Longman recalled that he became interested in this research after wading through the Atlantic Ocean at the age of 22 years. It was exhausting because she did not eat and sleep. After eating a small snack and taking a nap, he can think again and his body gets better.
Since then, he has focused his research on the understanding of evolutionary theory, especially how humans respond to stress through sports eyeglasses.
Previously, there was a theory that revealed the selfishness of the brain. It was published in 2004 in the journal Neuroscience & Biobehavioral Reviews.
The study reveals that the brain prioritizes itself, such as allocating energy and resources to oneself over other parts of the body. However, the proof is only done by Longman.
"The idea (published in the 2004 journal) was tested with 62 male athletes from Cambridge University doing three tasks," he told the Livescience journalist as quoted on Monday (23/10/2017).
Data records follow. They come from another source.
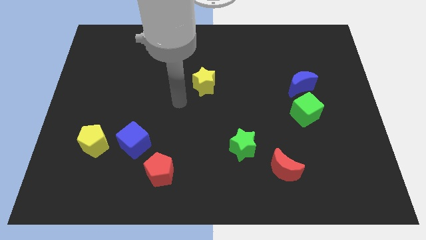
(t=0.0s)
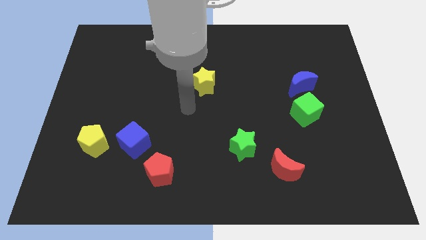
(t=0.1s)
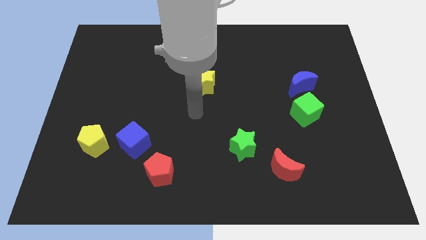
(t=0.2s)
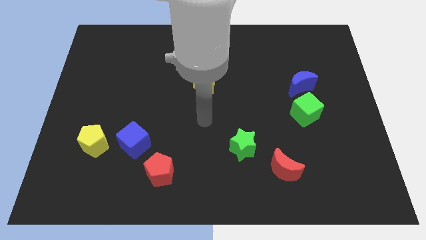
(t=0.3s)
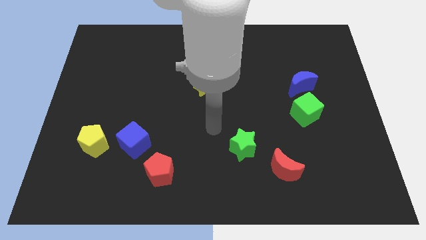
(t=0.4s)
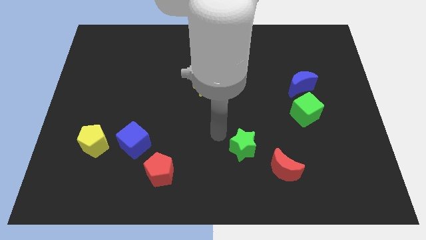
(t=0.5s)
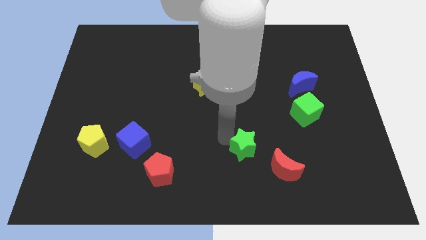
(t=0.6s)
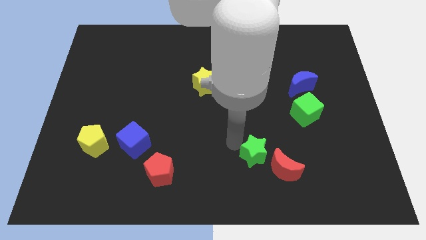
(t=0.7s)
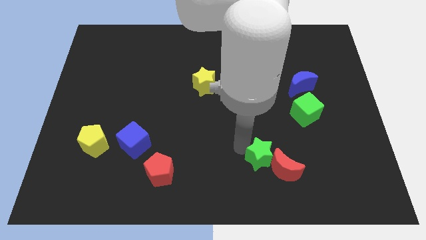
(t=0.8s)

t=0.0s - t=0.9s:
push the green star close to the red moon
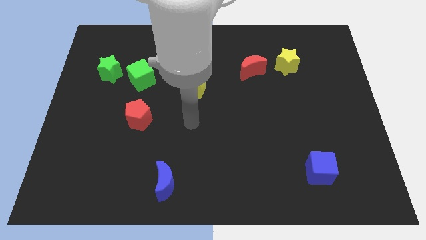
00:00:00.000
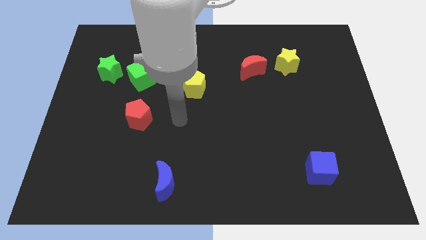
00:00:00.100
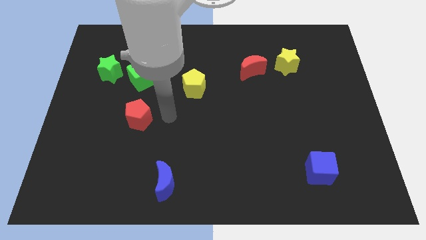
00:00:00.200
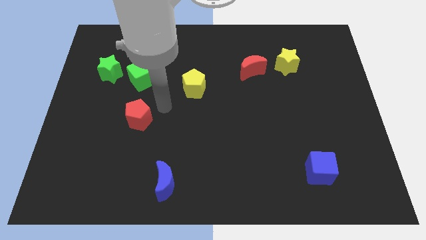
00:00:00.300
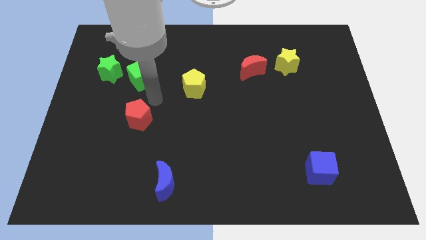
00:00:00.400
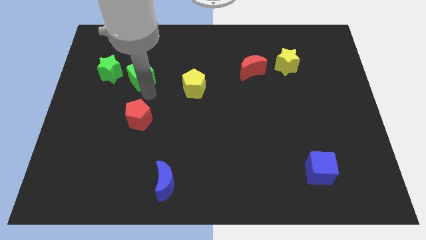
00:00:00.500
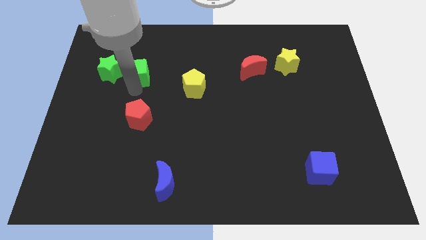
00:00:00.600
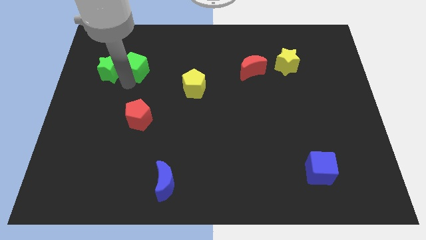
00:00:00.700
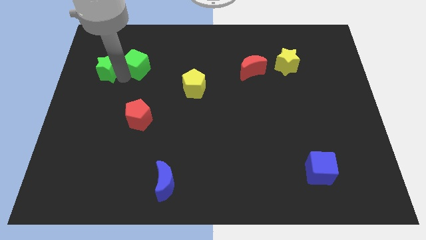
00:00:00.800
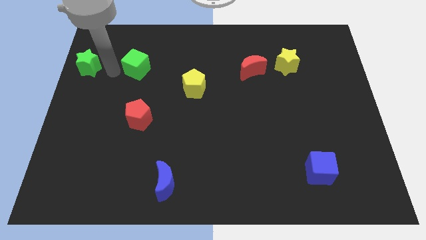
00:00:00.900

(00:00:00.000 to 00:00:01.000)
move the green cube away from the green star

First, they had to row hard on a rowing machine for three minutes. A week later, they were asked to sit on the same machine to complete a memory test. Here they have to remember 75 words they can.
In the third week, they have to do both at once. When men are in an exercise machine, they can not remember many words. In contrast to when they relax.
However, the decrease in strength in exercise is much greater than that of cognitive abilities. When men can only remember about 9.7% of the word, their physical power output drops to 12.5%.
"The decline in physical labor occurs because the brain and muscles share the same limited resources, not because they are distracted or choose to focus solely on the task of remembering words," Longman explains.
From here, it is known that the human brain is an enormous energy sucker and even takes up a fifth of the body's fuel supply.
In the journal, Longman and colleagues also wrote that the brain will continue to defend itself, even when other bodies fail.
"The selfish nature of the brain has been observed in the unique preservation of the brain, the body is wasted on those with long-term malnourishment and hunger, also in children born with limited growth," Longman said.